Copy the lines below word for word, skipping any image.

───── Exercise input ─────

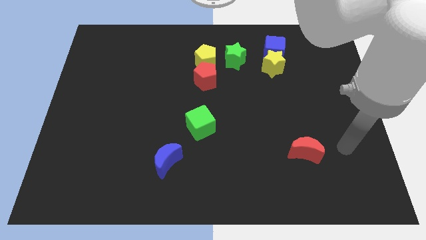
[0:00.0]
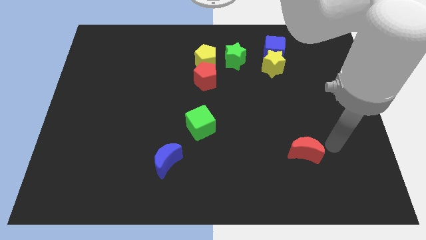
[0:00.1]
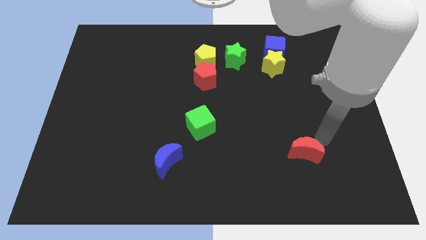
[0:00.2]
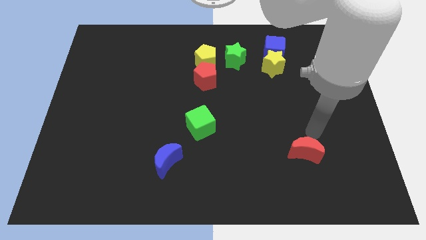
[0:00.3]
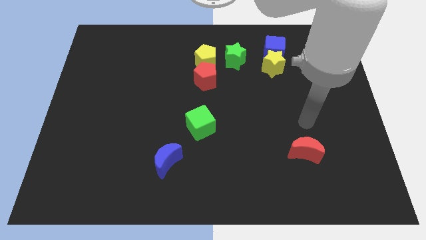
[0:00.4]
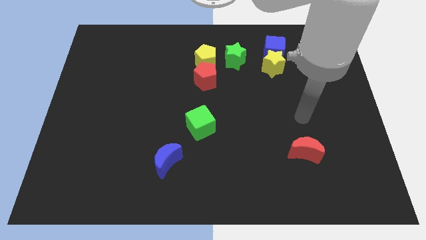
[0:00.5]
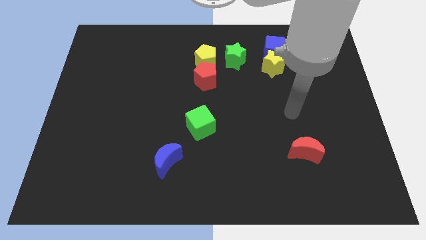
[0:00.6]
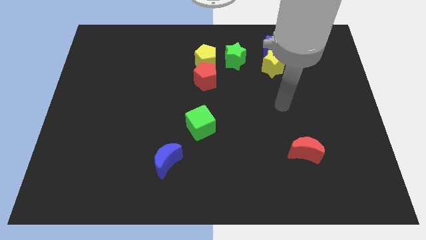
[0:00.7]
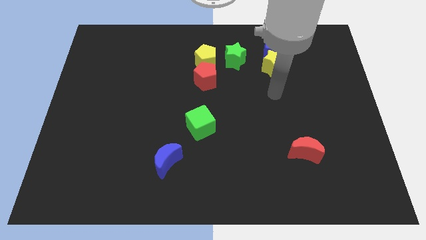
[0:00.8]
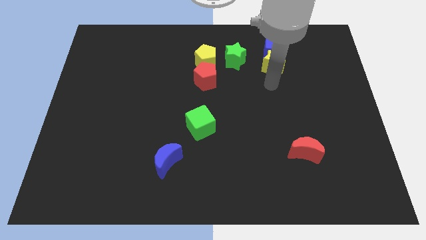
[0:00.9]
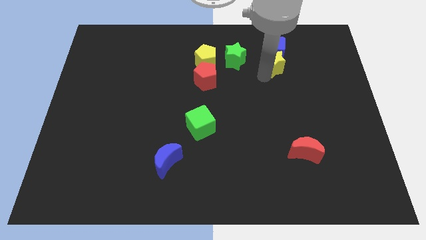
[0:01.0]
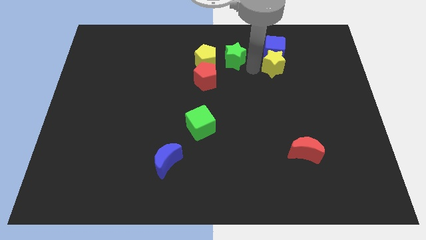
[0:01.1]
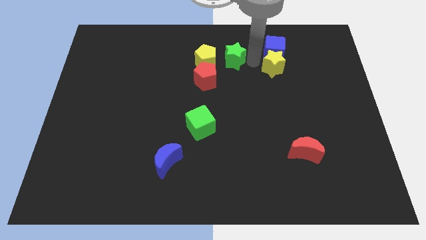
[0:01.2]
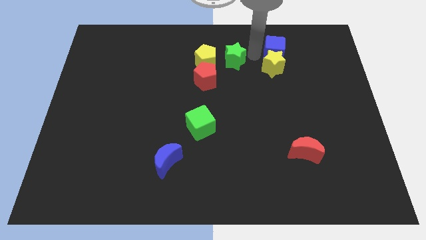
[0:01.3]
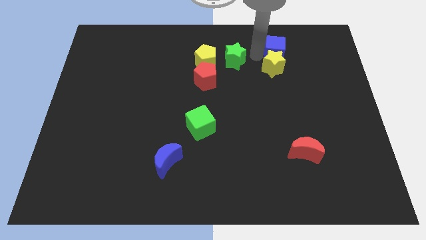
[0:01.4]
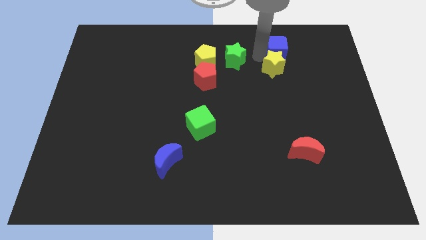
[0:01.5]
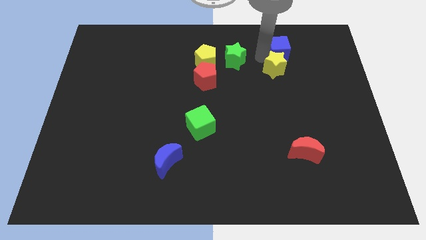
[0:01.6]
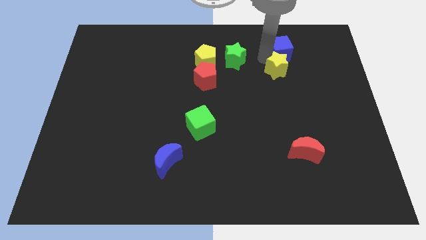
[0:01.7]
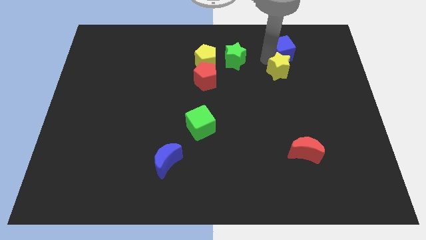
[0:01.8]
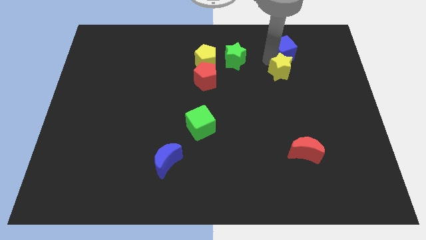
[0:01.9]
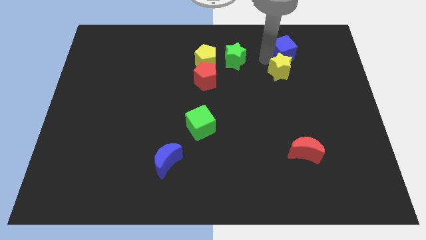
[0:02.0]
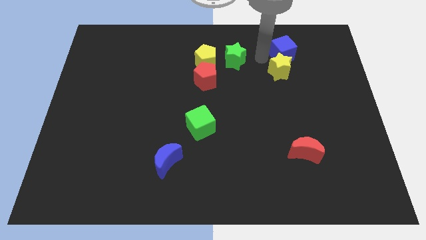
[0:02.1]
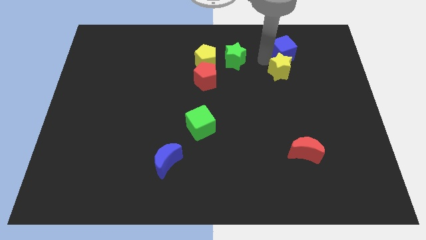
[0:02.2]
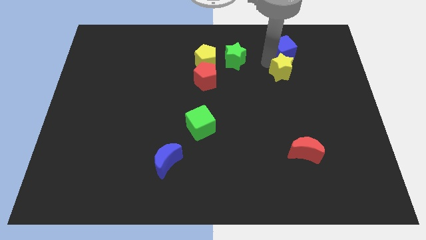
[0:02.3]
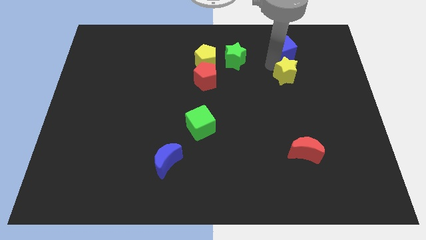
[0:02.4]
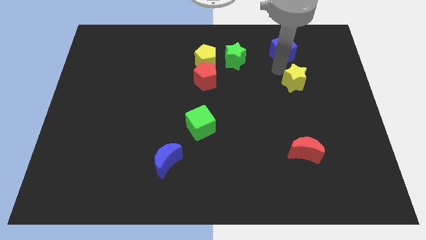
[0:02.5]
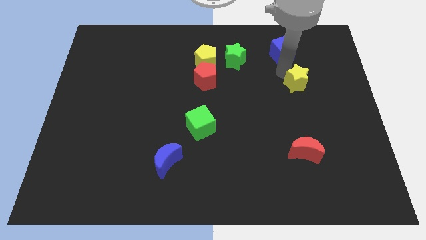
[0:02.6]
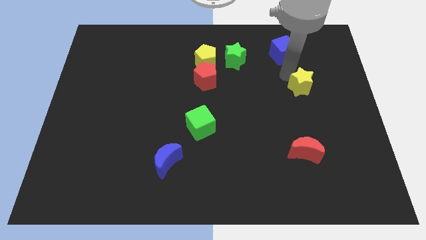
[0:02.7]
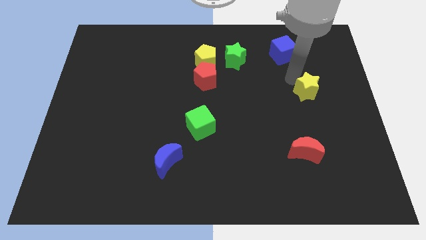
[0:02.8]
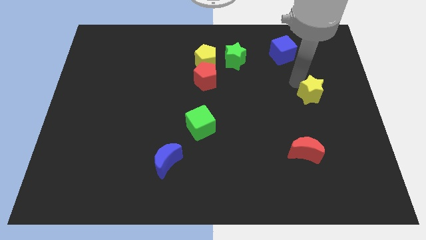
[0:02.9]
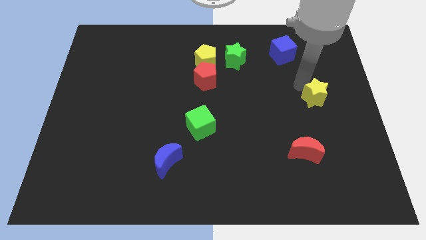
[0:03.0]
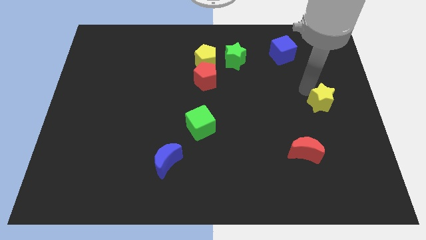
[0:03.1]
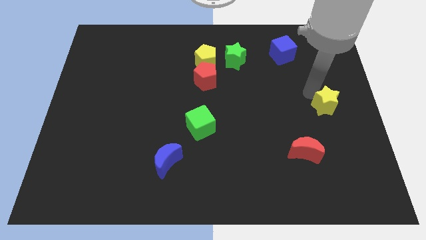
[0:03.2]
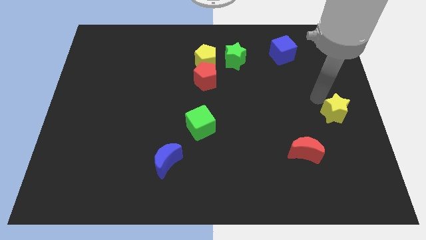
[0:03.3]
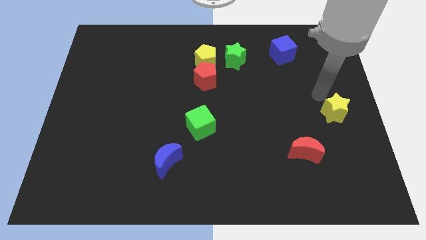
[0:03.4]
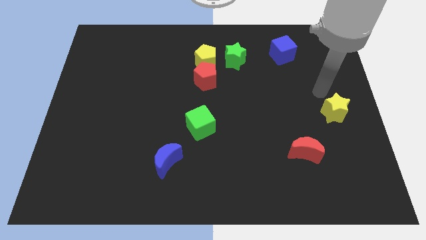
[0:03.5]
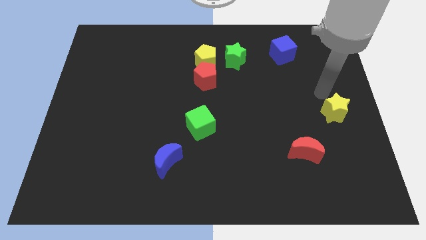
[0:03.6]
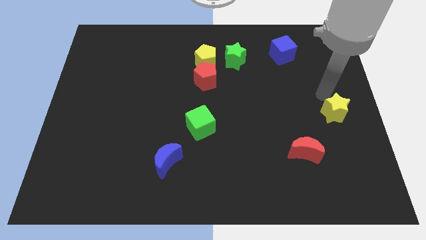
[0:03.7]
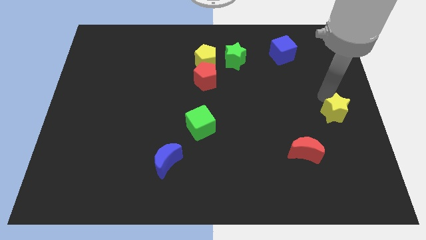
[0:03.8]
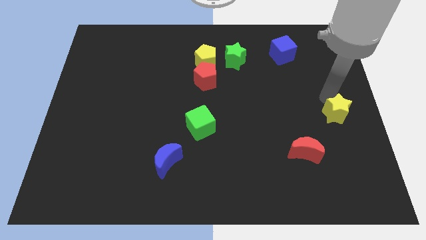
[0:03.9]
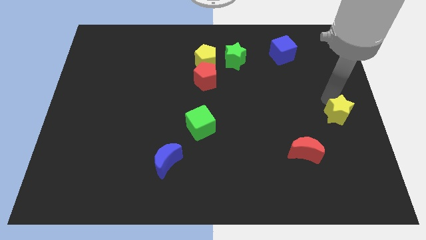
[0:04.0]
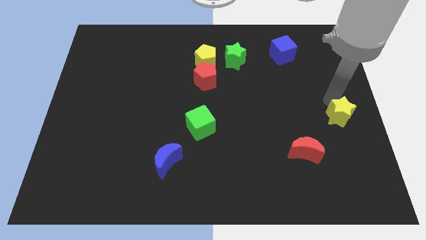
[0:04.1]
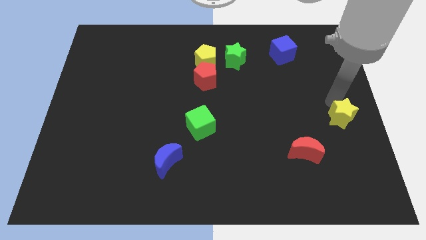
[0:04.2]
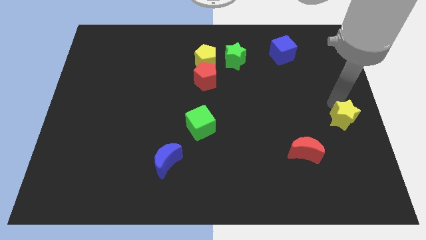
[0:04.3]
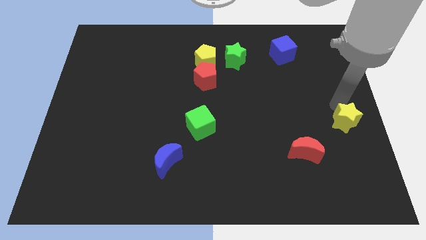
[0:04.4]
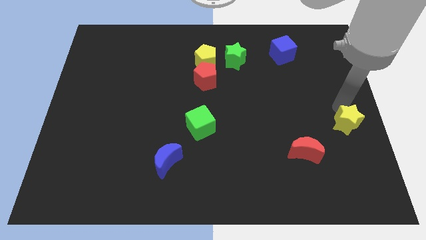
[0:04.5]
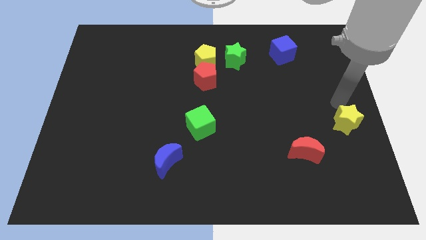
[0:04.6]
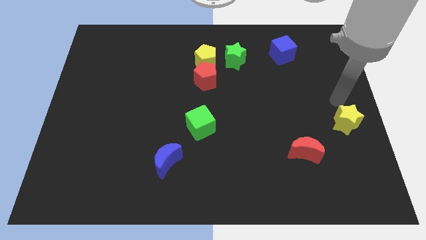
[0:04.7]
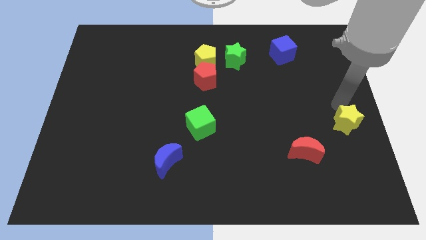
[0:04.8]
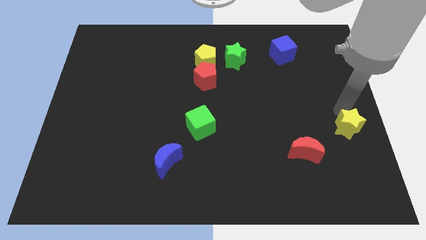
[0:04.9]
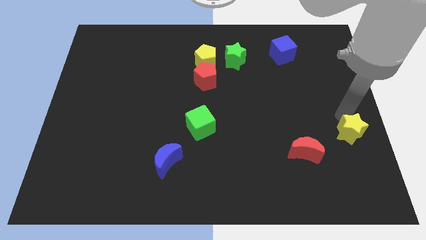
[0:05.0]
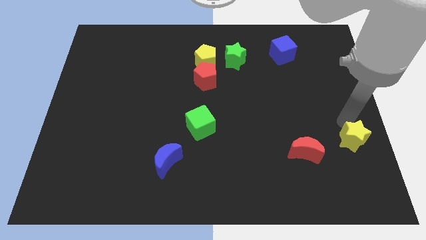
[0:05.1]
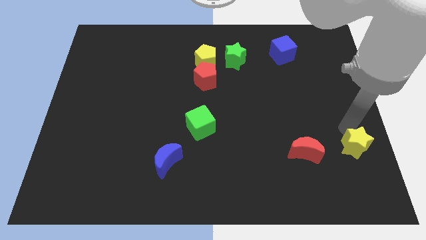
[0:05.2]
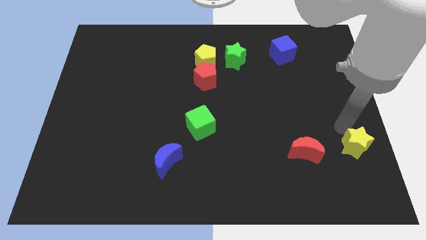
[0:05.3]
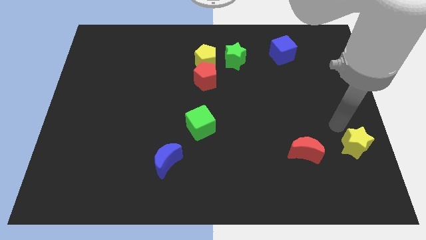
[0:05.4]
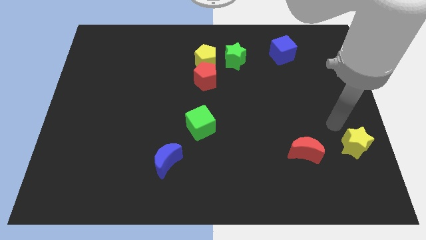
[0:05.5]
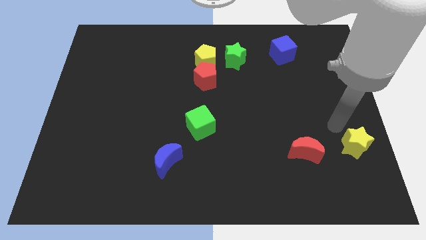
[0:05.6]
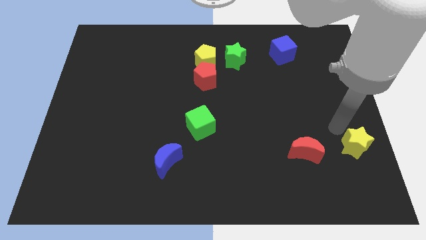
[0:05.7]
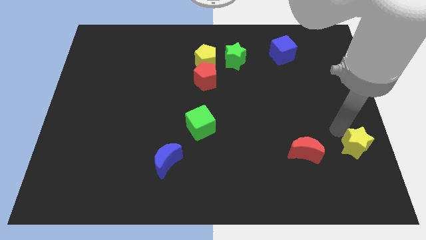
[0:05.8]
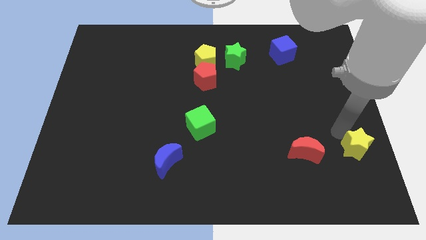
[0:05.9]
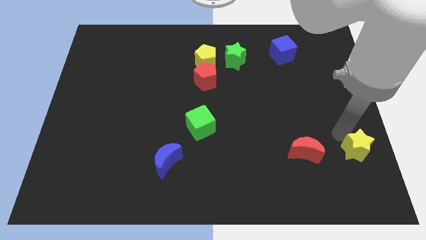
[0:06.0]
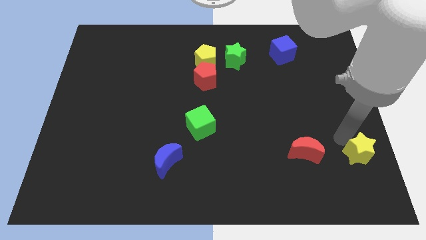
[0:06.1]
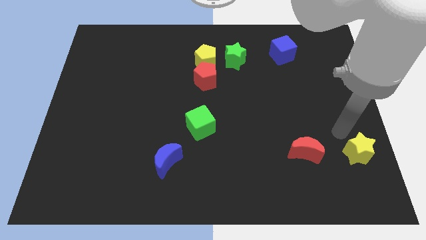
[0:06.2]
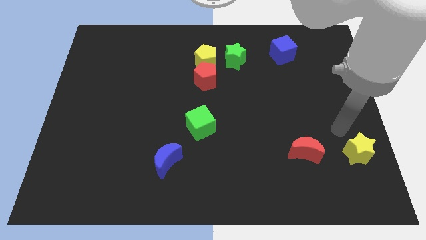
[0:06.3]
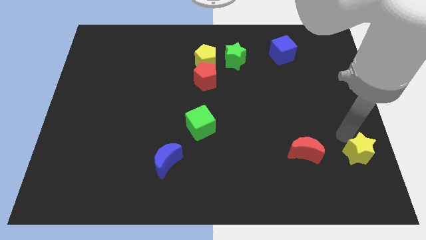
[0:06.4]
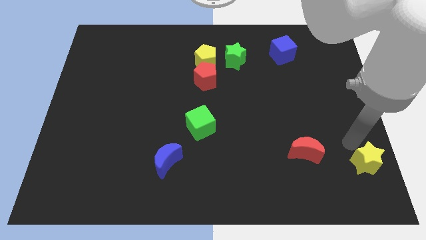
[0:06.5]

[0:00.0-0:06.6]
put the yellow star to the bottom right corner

─────

# [Exercise response]
[0:00.0]
[0:00.1]
[0:00.2]
[0:00.3]
[0:00.4]
[0:00.5]
[0:00.6]
[0:00.7]
[0:00.8]
[0:00.9]
[0:01.0]
[0:01.1]
[0:01.2]
[0:01.3]
[0:01.4]
[0:01.5]
[0:01.6]
[0:01.7]
[0:01.8]
[0:01.9]
[0:02.0]
[0:02.1]
[0:02.2]
[0:02.3]
[0:02.4]
[0:02.5]
[0:02.6]
[0:02.7]
[0:02.8]
[0:02.9]
[0:03.0]
[0:03.1]
[0:03.2]
[0:03.3]
[0:03.4]
[0:03.5]
[0:03.6]
[0:03.7]
[0:03.8]
[0:03.9]
[0:04.0]
[0:04.1]
[0:04.2]
[0:04.3]
[0:04.4]
[0:04.5]
[0:04.6]
[0:04.7]
[0:04.8]
[0:04.9]
[0:05.0]
[0:05.1]
[0:05.2]
[0:05.3]
[0:05.4]
[0:05.5]
[0:05.6]
[0:05.7]
[0:05.8]
[0:05.9]
[0:06.0]
[0:06.1]
[0:06.2]
[0:06.3]
[0:06.4]
[0:06.5]

[0:00.0-0:06.6]
put the yellow star to the bottom right corner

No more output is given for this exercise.